━━━━━ DATA SECTION

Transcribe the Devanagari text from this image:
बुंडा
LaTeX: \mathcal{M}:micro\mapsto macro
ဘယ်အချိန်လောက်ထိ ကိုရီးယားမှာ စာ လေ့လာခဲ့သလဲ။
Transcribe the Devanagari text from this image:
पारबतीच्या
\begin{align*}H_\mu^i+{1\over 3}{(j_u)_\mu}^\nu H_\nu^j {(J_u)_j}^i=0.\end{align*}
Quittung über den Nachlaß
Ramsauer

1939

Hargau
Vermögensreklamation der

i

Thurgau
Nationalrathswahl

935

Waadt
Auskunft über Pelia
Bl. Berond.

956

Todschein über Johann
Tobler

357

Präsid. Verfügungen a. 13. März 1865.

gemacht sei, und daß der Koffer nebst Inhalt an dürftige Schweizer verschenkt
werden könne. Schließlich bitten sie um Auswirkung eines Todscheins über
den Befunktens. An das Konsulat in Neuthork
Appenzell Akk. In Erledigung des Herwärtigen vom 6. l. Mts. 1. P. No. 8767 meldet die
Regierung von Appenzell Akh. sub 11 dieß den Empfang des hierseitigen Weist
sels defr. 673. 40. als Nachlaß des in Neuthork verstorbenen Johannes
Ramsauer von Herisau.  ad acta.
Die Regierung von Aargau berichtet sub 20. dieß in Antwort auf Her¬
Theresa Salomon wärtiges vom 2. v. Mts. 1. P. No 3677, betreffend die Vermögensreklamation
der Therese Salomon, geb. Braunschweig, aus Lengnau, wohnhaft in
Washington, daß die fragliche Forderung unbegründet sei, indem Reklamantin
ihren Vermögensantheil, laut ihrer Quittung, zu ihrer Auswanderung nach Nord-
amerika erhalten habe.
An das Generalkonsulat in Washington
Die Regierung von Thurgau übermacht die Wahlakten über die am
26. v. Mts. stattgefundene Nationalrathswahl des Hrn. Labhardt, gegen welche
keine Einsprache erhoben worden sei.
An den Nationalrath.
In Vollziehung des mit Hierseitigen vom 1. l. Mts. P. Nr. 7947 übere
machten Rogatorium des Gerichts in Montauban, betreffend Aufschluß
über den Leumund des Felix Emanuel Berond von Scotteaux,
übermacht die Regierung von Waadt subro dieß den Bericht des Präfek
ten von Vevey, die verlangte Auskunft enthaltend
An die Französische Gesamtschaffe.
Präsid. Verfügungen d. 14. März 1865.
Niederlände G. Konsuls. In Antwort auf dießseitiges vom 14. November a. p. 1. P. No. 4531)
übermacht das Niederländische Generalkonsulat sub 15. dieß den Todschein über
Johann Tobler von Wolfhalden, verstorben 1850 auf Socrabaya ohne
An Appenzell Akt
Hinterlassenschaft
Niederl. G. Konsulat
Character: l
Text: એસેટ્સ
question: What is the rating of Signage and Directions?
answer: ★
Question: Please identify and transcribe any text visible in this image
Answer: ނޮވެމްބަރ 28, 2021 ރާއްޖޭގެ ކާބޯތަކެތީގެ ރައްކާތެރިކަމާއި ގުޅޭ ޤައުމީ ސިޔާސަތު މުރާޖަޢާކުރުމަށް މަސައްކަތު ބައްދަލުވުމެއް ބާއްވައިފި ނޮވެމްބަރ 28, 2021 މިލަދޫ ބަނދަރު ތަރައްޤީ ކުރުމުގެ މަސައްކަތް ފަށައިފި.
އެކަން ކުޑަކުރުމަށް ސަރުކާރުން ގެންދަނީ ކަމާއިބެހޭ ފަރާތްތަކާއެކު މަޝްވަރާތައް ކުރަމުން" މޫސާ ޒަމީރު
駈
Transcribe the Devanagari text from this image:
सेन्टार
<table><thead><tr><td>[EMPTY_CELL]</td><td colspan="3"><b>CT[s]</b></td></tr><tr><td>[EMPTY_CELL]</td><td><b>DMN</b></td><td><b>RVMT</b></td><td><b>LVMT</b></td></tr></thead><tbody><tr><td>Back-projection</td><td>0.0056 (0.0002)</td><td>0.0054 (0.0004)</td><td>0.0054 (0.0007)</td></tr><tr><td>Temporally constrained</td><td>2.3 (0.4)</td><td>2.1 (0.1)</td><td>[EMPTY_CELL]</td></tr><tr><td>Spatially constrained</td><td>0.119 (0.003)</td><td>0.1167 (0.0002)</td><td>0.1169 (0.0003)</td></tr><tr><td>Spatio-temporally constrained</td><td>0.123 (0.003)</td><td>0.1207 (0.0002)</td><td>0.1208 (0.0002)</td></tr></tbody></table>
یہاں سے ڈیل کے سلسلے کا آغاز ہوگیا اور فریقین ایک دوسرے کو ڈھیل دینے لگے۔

━━━━━━━━━━

(TASK REQUIREMENTS):
Word for word, repeat each line of the listing.

(RESULT BELOW):
Transcribe the Devanagari text from this image:
बुंडा
LaTeX: \mathcal{M}:micro\mapsto macro
ဘယ်အချိန်လောက်ထိ ကိုရီးယားမှာ စာ လေ့လာခဲ့သလဲ။
Transcribe the Devanagari text from this image:
पारबतीच्या
\begin{align*}H_\mu^i+{1\over 3}{(j_u)_\mu}^\nu H_\nu^j {(J_u)_j}^i=0.\end{align*}
Quittung über den Nachlaß
Ramsauer

1939

Hargau
Vermögensreklamation der

i

Thurgau
Nationalrathswahl

935

Waadt
Auskunft über Pelia
Bl. Berond.

956

Todschein über Johann
Tobler

357

Präsid. Verfügungen a. 13. März 1865.

gemacht sei, und daß der Koffer nebst Inhalt an dürftige Schweizer verschenkt
werden könne. Schließlich bitten sie um Auswirkung eines Todscheins über
den Befunktens. An das Konsulat in Neuthork
Appenzell Akk. In Erledigung des Herwärtigen vom 6. l. Mts. 1. P. No. 8767 meldet die
Regierung von Appenzell Akh. sub 11 dieß den Empfang des hierseitigen Weist
sels defr. 673. 40. als Nachlaß des in Neuthork verstorbenen Johannes
Ramsauer von Herisau.  ad acta.
Die Regierung von Aargau berichtet sub 20. dieß in Antwort auf Her¬
Theresa Salomon wärtiges vom 2. v. Mts. 1. P. No 3677, betreffend die Vermögensreklamation
der Therese Salomon, geb. Braunschweig, aus Lengnau, wohnhaft in
Washington, daß die fragliche Forderung unbegründet sei, indem Reklamantin
ihren Vermögensantheil, laut ihrer Quittung, zu ihrer Auswanderung nach Nord-
amerika erhalten habe.
An das Generalkonsulat in Washington
Die Regierung von Thurgau übermacht die Wahlakten über die am
26. v. Mts. stattgefundene Nationalrathswahl des Hrn. Labhardt, gegen welche
keine Einsprache erhoben worden sei.
An den Nationalrath.
In Vollziehung des mit Hierseitigen vom 1. l. Mts. P. Nr. 7947 übere
machten Rogatorium des Gerichts in Montauban, betreffend Aufschluß
über den Leumund des Felix Emanuel Berond von Scotteaux,
übermacht die Regierung von Waadt subro dieß den Bericht des Präfek
ten von Vevey, die verlangte Auskunft enthaltend
An die Französische Gesamtschaffe.
Präsid. Verfügungen d. 14. März 1865.
Niederlände G. Konsuls. In Antwort auf dießseitiges vom 14. November a. p. 1. P. No. 4531)
übermacht das Niederländische Generalkonsulat sub 15. dieß den Todschein über
Johann Tobler von Wolfhalden, verstorben 1850 auf Socrabaya ohne
An Appenzell Akt
Hinterlassenschaft
Niederl. G. Konsulat
Character: l
Text: એસેટ્સ
question: What is the rating of Signage and Directions?
answer: ★
Question: Please identify and transcribe any text visible in this image
Answer: ނޮވެމްބަރ 28, 2021 ރާއްޖޭގެ ކާބޯތަކެތީގެ ރައްކާތެރިކަމާއި ގުޅޭ ޤައުމީ ސިޔާސަތު މުރާޖަޢާކުރުމަށް މަސައްކަތު ބައްދަލުވުމެއް ބާއްވައިފި ނޮވެމްބަރ 28, 2021 މިލަދޫ ބަނދަރު ތަރައްޤީ ކުރުމުގެ މަސައްކަތް ފަށައިފި.
އެކަން ކުޑަކުރުމަށް ސަރުކާރުން ގެންދަނީ ކަމާއިބެހޭ ފަރާތްތަކާއެކު މަޝްވަރާތައް ކުރަމުން" މޫސާ ޒަމީރު
駈
Transcribe the Devanagari text from this image:
सेन्टार
<table><thead><tr><td>[EMPTY_CELL]</td><td colspan="3"><b>CT[s]</b></td></tr><tr><td>[EMPTY_CELL]</td><td><b>DMN</b></td><td><b>RVMT</b></td><td><b>LVMT</b></td></tr></thead><tbody><tr><td>Back-projection</td><td>0.0056 (0.0002)</td><td>0.0054 (0.0004)</td><td>0.0054 (0.0007)</td></tr><tr><td>Temporally constrained</td><td>2.3 (0.4)</td><td>2.1 (0.1)</td><td>[EMPTY_CELL]</td></tr><tr><td>Spatially constrained</td><td>0.119 (0.003)</td><td>0.1167 (0.0002)</td><td>0.1169 (0.0003)</td></tr><tr><td>Spatio-temporally constrained</td><td>0.123 (0.003)</td><td>0.1207 (0.0002)</td><td>0.1208 (0.0002)</td></tr></tbody></table>
یہاں سے ڈیل کے سلسلے کا آغاز ہوگیا اور فریقین ایک دوسرے کو ڈھیل دینے لگے۔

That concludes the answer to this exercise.